Americans spent more than $1 trillion on health care last year. Law enforcement officials say $270 billion of it may have been wasted on fraud.

Agents of the Federal Bureau of Investigation describe what they call the largest health care fraud probe in the country. It involved 250 retired agents who posed as medical patients and a clinic called Western Comprehensive Care, which agents set up in a suburb of Los Angeles.

Agent Dan Martino was in charge of the operation. "The focus of it, obviously, was an undercover operation to target those providers, that is, medical supply companies and clinical laboratories that wanted to engage in criminal activity. Those people were contacted, they came in, they offered us kickbacks in exchange for orders, prescriptions or durable medical equipment orders, certificates of medical necessity," he said. "And they would provide those kickbacks."

In addition to illegal under-the-counter payments, the clinics and companies sometimes submitted fraudulent bills directly to insurance companies and government health care programs. The FBI clinic is now closed, but the agents continue to probe as many as 15 criminal rings involved the fraud.

Investigators believe between three and 10 percent of health expenses around the United States are lost to fraud. They say $7.5 billion was lost in California to fraudulent claims last year, much of it in Los Angeles.
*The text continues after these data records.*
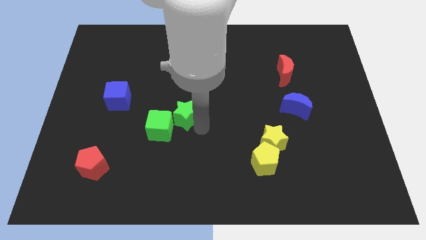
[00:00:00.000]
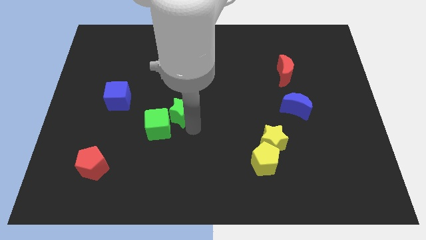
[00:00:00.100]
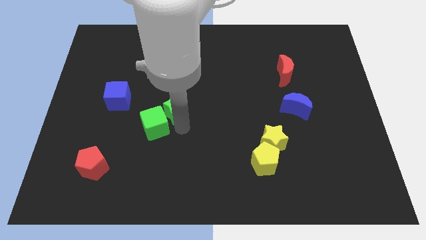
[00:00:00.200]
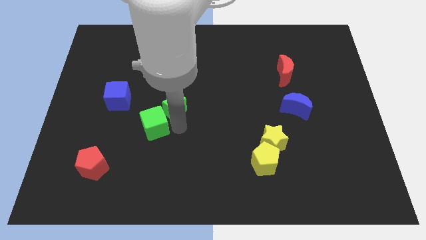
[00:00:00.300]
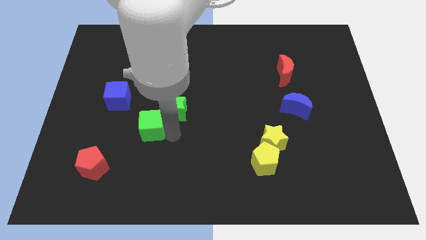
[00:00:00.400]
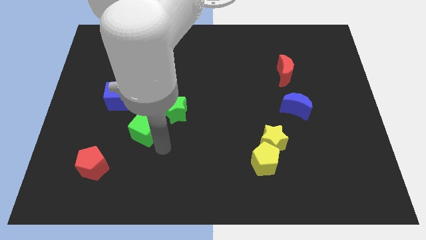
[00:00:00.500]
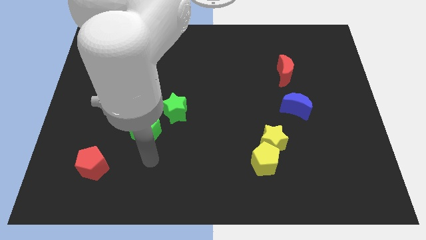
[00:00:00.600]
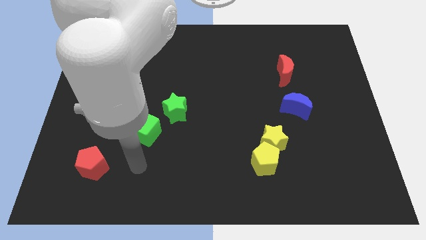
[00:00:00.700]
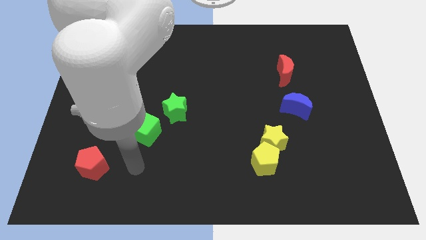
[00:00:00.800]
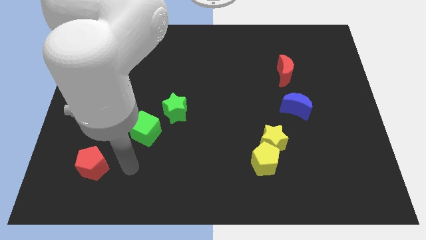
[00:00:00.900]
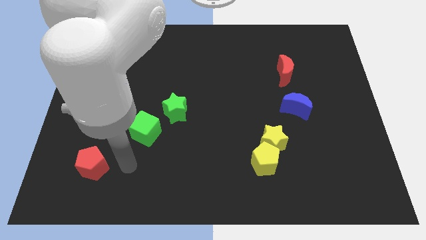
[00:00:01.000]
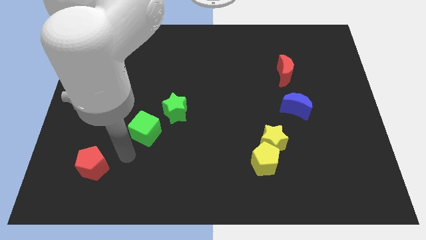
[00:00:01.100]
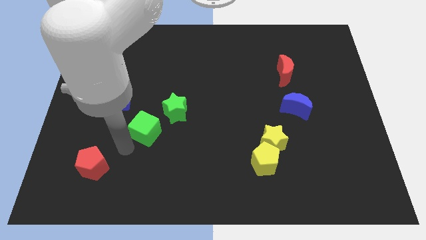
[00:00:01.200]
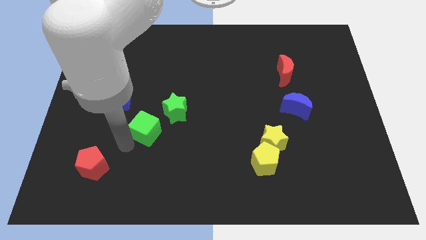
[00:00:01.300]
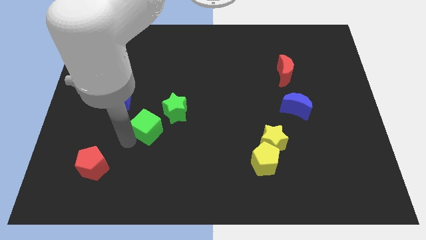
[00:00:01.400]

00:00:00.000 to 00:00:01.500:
touch the bottom side of the green cube

Another investigation targeted a Los Angeles chain of orthopedic shoe stores. FBI agent Jim Wedick said the owner worked with accomplices, one of them a doctor who issued unneeded prescriptions for corrective shoes. The owner then billed a government health program, earning $9 million through fraudulent billing.
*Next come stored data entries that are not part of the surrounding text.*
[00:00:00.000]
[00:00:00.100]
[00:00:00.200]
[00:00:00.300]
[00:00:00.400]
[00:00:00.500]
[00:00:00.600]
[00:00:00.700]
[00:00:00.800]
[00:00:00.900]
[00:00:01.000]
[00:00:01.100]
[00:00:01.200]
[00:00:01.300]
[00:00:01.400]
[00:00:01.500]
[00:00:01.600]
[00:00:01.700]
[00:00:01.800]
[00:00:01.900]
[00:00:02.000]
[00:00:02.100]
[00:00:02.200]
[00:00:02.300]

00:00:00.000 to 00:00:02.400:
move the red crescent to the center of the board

Although that man has been convicted and has repaid much of the money, the agent said the investigation is growing as the scope of this type of fraud becomes evident. "We literally targeted almost 300 subjects and we estimated the fraud was about $200 million. That has increased to $300 million.
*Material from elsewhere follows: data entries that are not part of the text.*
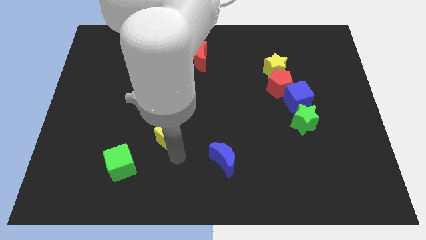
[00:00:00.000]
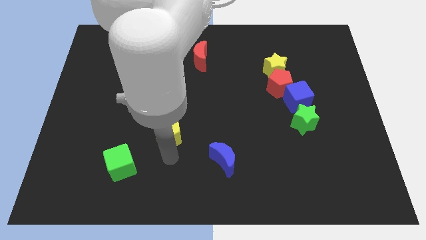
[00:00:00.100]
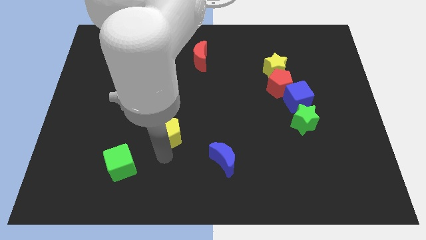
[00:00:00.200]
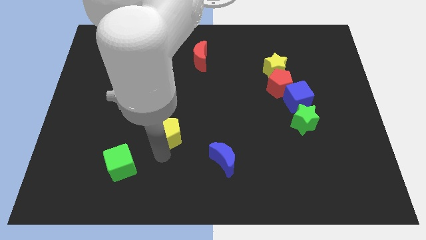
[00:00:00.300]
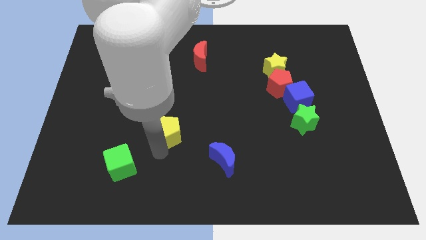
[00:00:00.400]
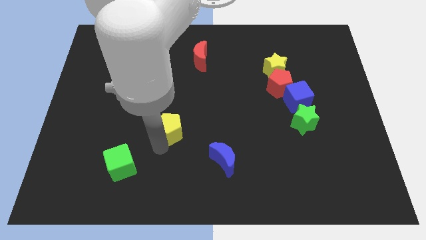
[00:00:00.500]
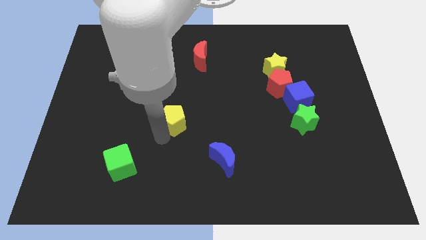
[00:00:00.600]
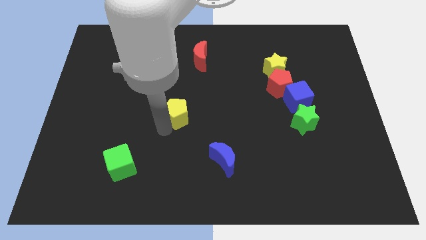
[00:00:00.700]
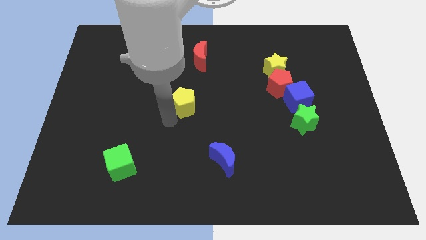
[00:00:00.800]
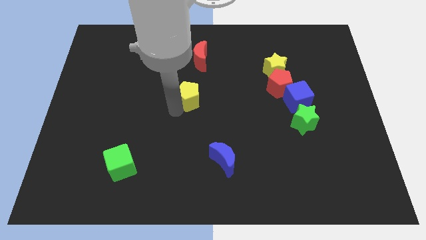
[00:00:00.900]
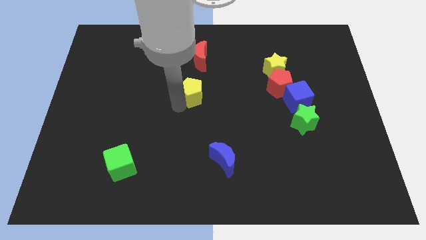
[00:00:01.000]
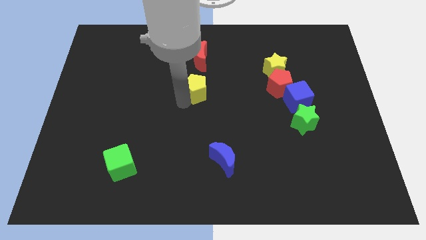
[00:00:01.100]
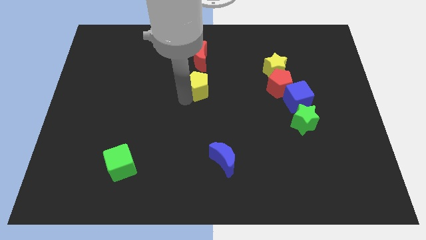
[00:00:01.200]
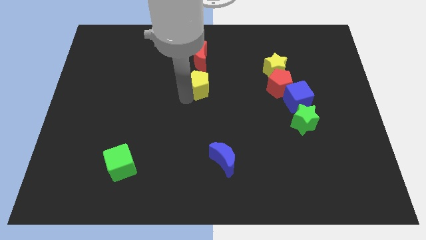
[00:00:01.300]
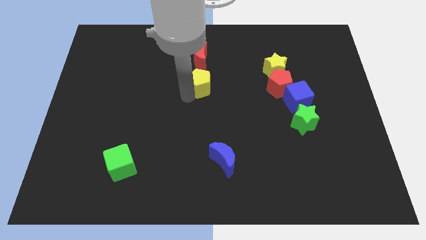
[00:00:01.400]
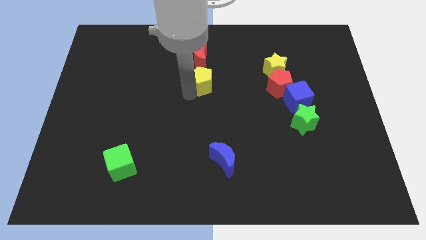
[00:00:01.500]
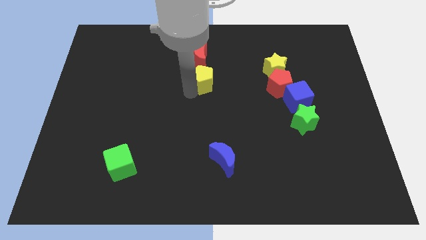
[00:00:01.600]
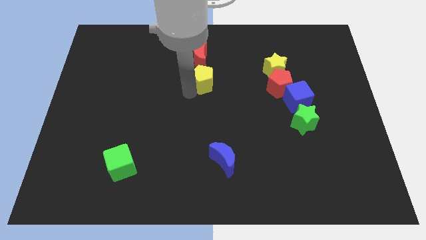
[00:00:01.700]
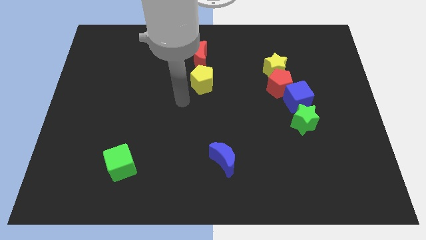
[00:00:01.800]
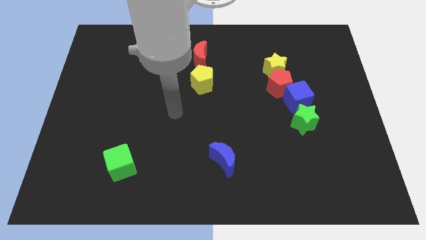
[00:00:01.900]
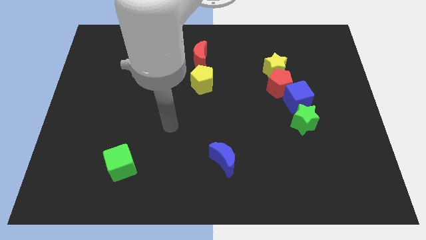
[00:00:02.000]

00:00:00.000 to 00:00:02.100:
place yellow pentagon below the red crescent

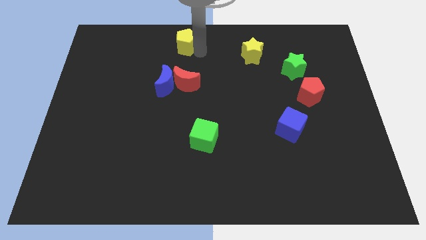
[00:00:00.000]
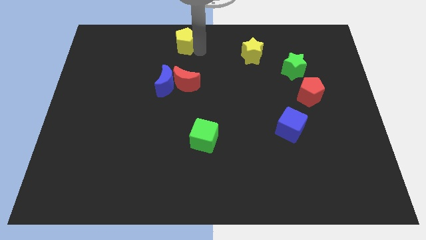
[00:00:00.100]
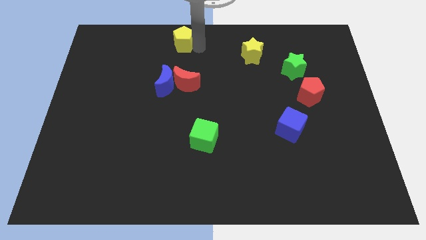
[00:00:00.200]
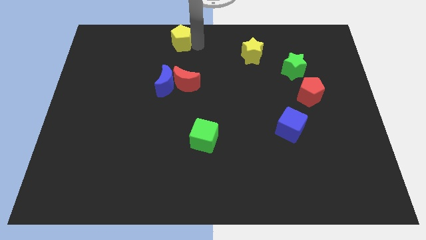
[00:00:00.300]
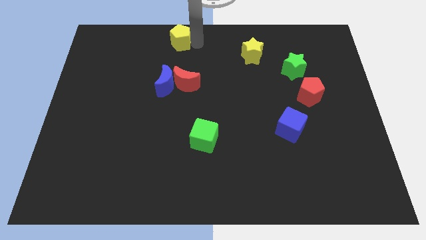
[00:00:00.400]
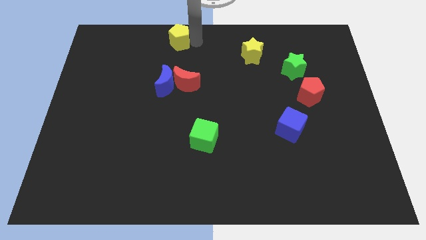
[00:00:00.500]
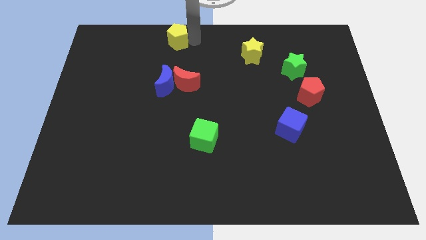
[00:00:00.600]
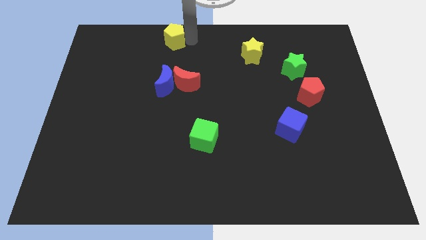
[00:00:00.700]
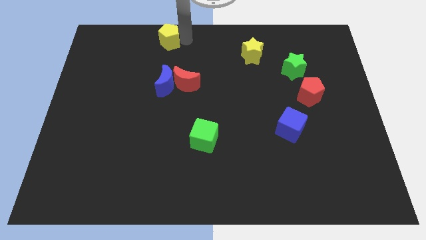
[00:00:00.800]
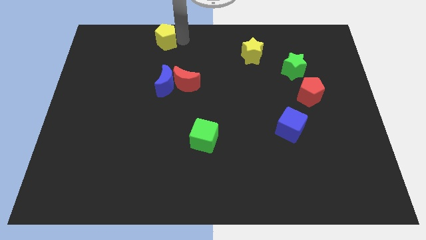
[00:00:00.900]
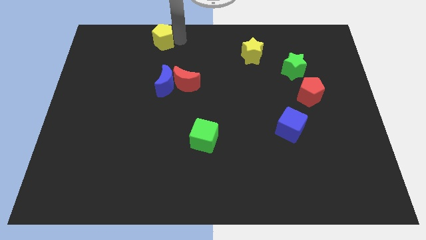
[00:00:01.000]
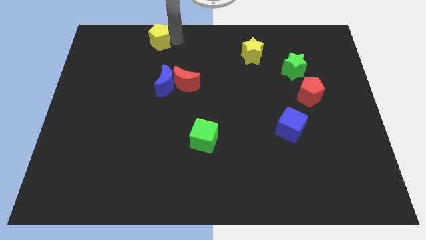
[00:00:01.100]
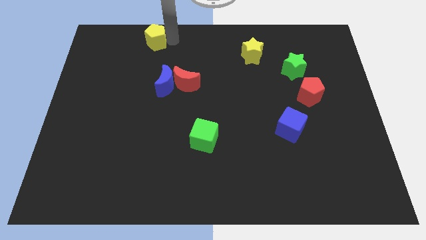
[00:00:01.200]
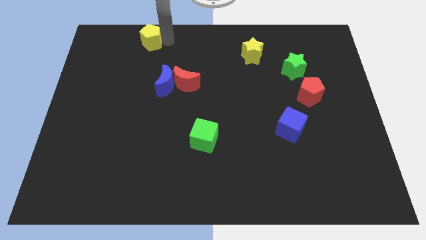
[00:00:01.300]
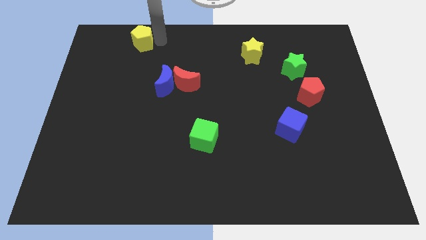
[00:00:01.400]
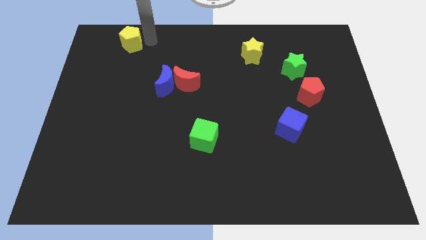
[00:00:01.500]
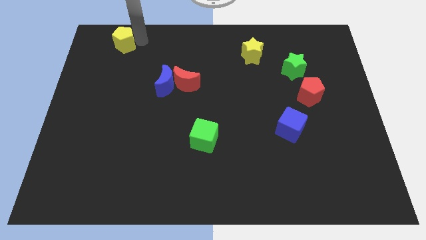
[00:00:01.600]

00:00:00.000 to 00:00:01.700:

FBI agent Jim Wedick says the large amounts of money in the health care industry attract criminals and con men.

Often, the pickings were easy. Until recently, some public programs had little oversight, but he says that is now changing. "As anyone knows, if you're doing plans where money is being given out to the public, if you don't have an active fraud prevention bureau, you're in trouble," he said.

Alan Cates oversees the fraud prevention office of the California health care program known as Medi-Cal. He said his staff of fraud specialists visits private clinics and laboratories that are part of the government program. "They've been to over 17,000 providers here in California just in the past couple of years, and they've entered all of the information that they collect into a computer database," he said. "And basically what we rely upon is for people to tell us how they operate."

A computer program can later detect unusual billing patterns that may suggest fraud.

Law enforcement officials say they are finding fraud at every level of the U.S. health care industry, and that the billions of dollars lost each year are driving up the cost of medical care in the country.